The most interesting comments weren’t anonymous, but signed ‘Anne Snapphane’, Annika’s arch-enemy and former friend who was now an editor at mediatime. She had written an account of the editor-in-chief’s hypocrisy that was magnificently sharp and to the point. She described what it was like working at the Even
ing Post, how reporters were pressured to exaggerate and lie (misrepresentation and distortion were described as ‘stylistic matters’), how Schyman had ruled the newsroom using nepotism and an iron fist. She also took the chance to give Annika a passing kicking, describing her as Schyman’s most prominent henchperson, the one most slavishly devoted to the Evening Post’s rancid policies …
There was a knock on his door, and Thomas jumped so hard that his hook hit the keyboard.
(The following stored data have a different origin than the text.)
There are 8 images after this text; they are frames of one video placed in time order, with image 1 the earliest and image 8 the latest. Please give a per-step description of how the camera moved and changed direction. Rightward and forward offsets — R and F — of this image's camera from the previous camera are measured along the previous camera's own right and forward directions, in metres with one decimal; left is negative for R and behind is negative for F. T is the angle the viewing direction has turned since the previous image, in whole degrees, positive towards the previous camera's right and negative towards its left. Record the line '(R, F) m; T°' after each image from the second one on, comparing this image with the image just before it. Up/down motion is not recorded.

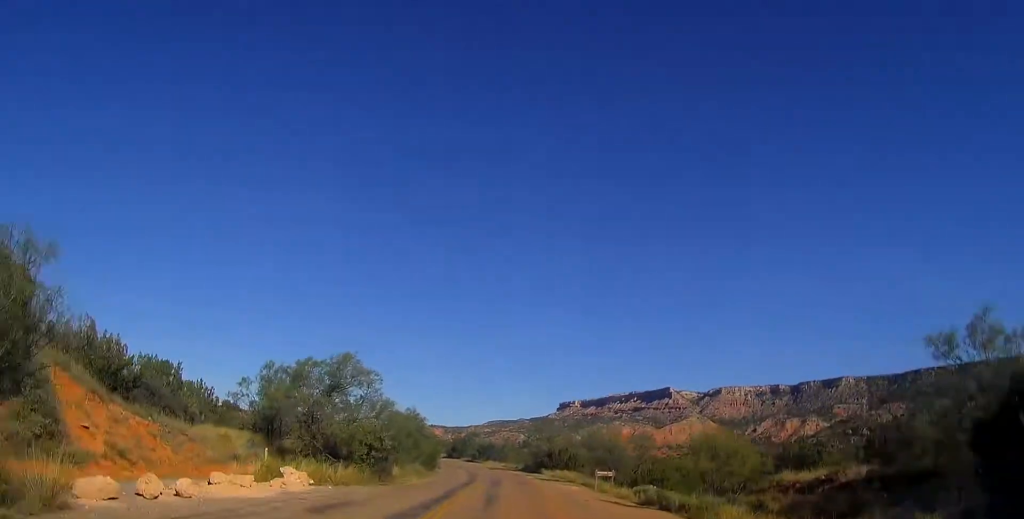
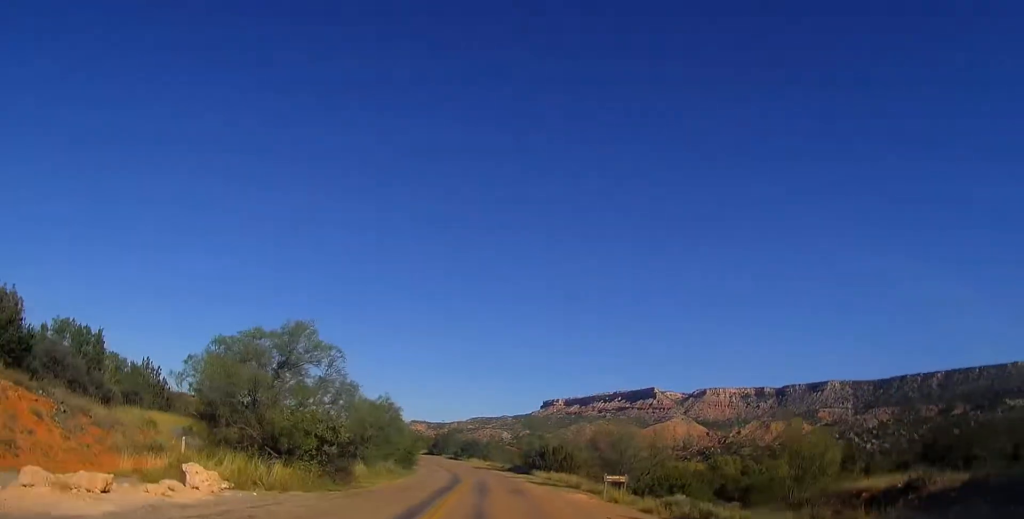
(+0.3, +6.7) m; +1°
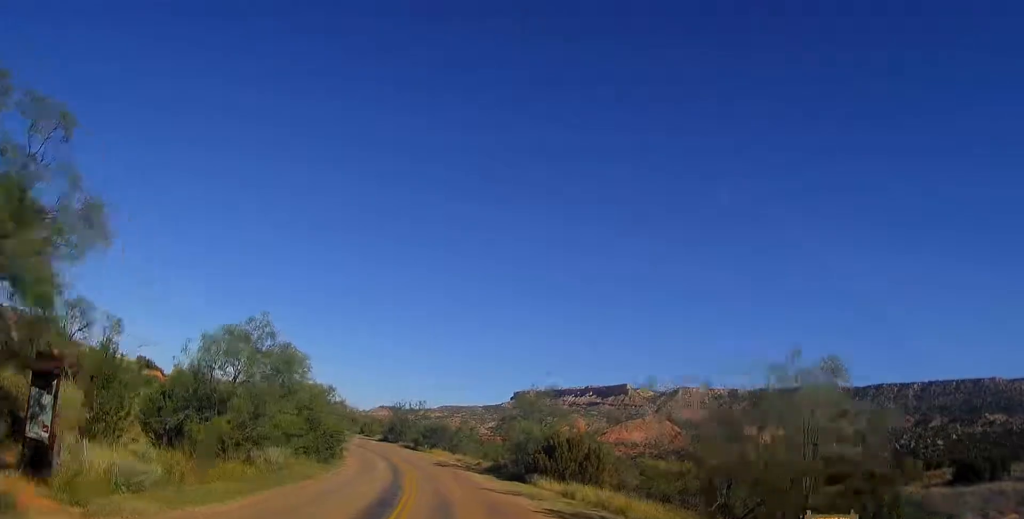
(+0.2, +20.7) m; 0°
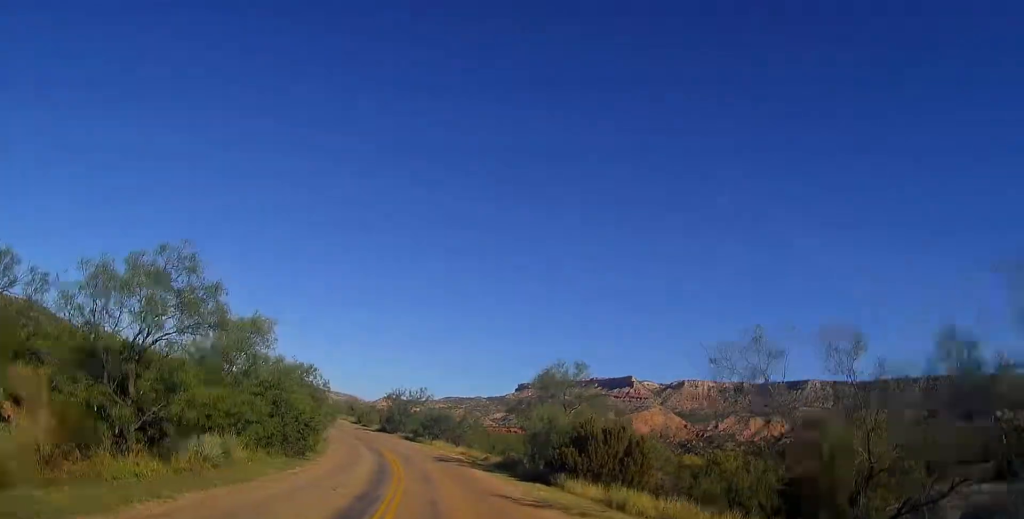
(0.0, +6.7) m; -1°
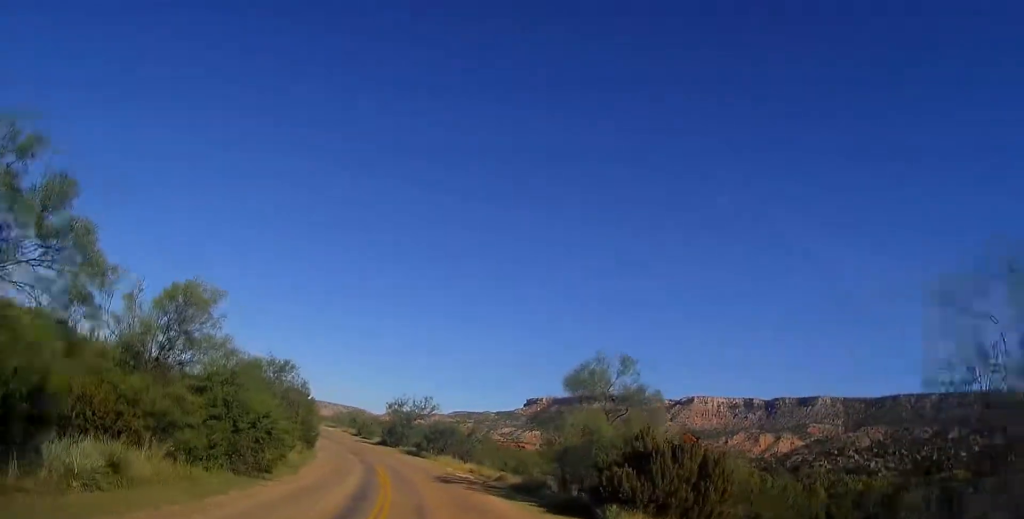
(+0.1, +6.2) m; -1°
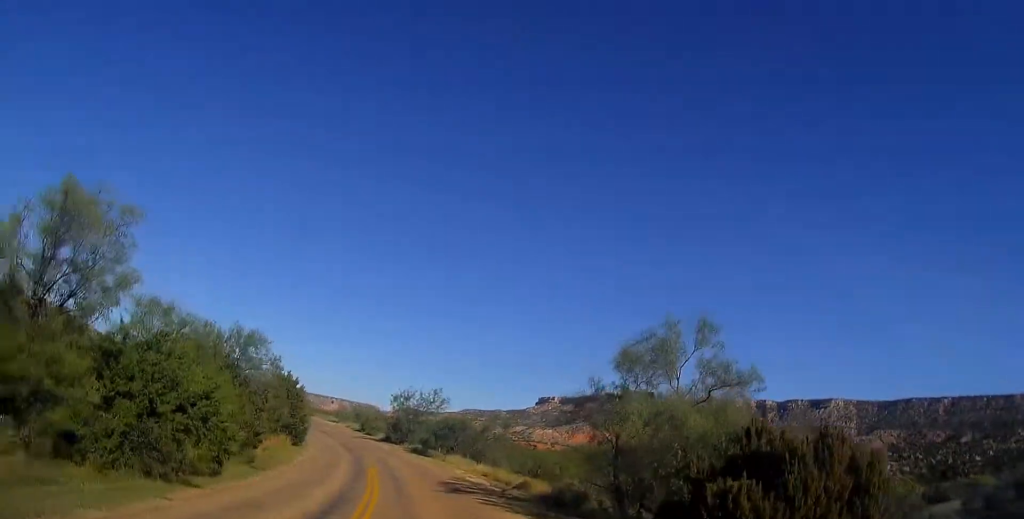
(-0.2, +6.5) m; -1°
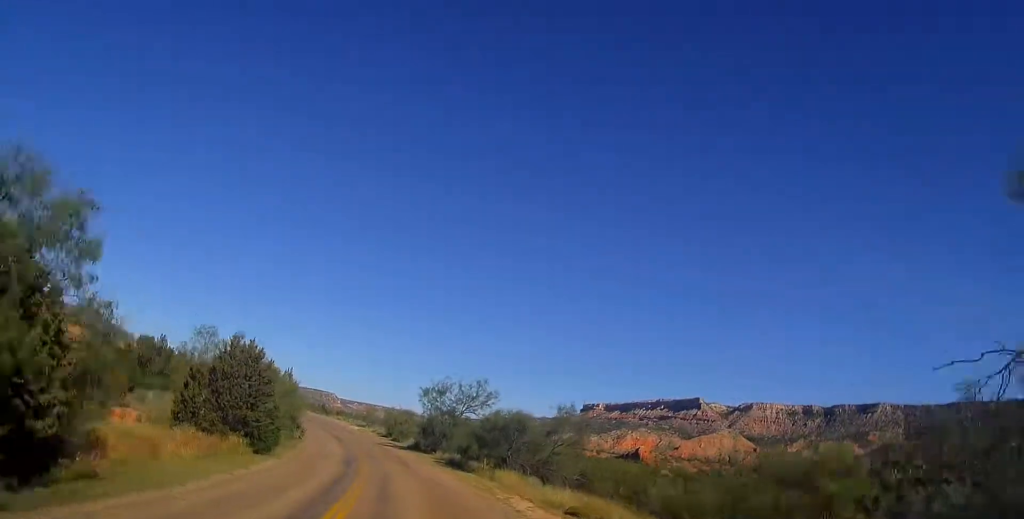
(-0.5, +14.5) m; -2°
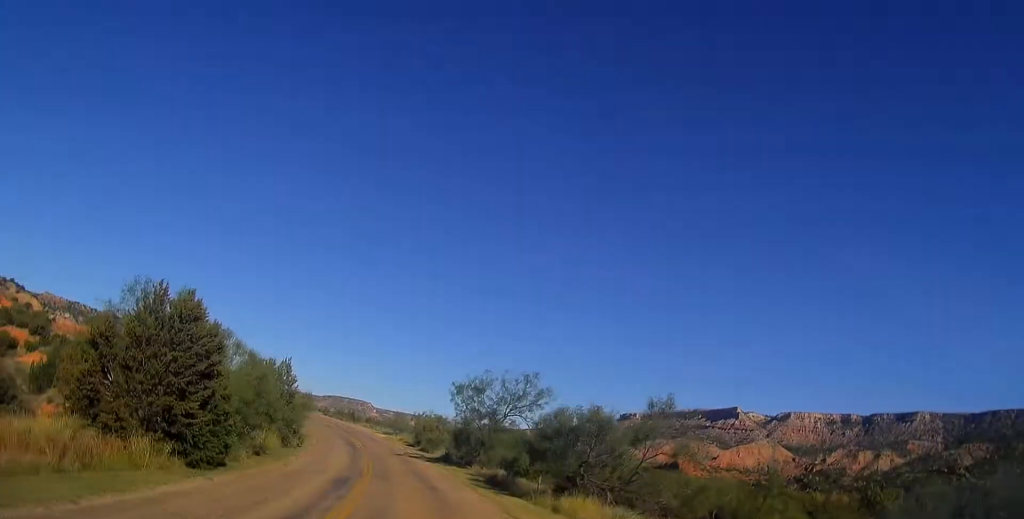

He quickly clicked to hide Snapphane’s embittered rant and leaned over his work on the investigation. ‘Come in!’
Cramne, his boss, put his head round the door. He probably didn’t dare come in – perhaps he thought disability was contagious.
‘Hello, old man, how are you?’
Thomas smiled weakly. ‘Thanks,’ he said. ‘Well, things are moving forward. I’m waiting for a response from the Spaniards …’
Cramne opened the door a little wider. ‘I mean with you … You were off sick for a few days?’
He forced himself to swallow the angry retort that was on the tip of his tongue. ‘Just a cold,’ he said. ‘Nothing serious.’
‘Do you fancy lunch today? Fairly early? A few of us are thinking of heading to the Opera Bar.’
Ah, so they’d decided to make a collective show of sympathy towards the cripple. He shrugged his shoulders. ‘That sounds really great, but I’ve got a conference call booked with the Greeks at half past eleven and then …’
Cramne raised his hands in a gesture that showed he was both disappointed and disingenuously impressed. ‘Okay,’ he said. ‘Just say the word if it gets postponed or something. Those Greeks do have a tendency not to come up with the goods …’
Thomas laughed politely at the lame witticism until the door was closed. Then he sighed. Now he was going to have to organize a bloody conference call. What could they discuss this time?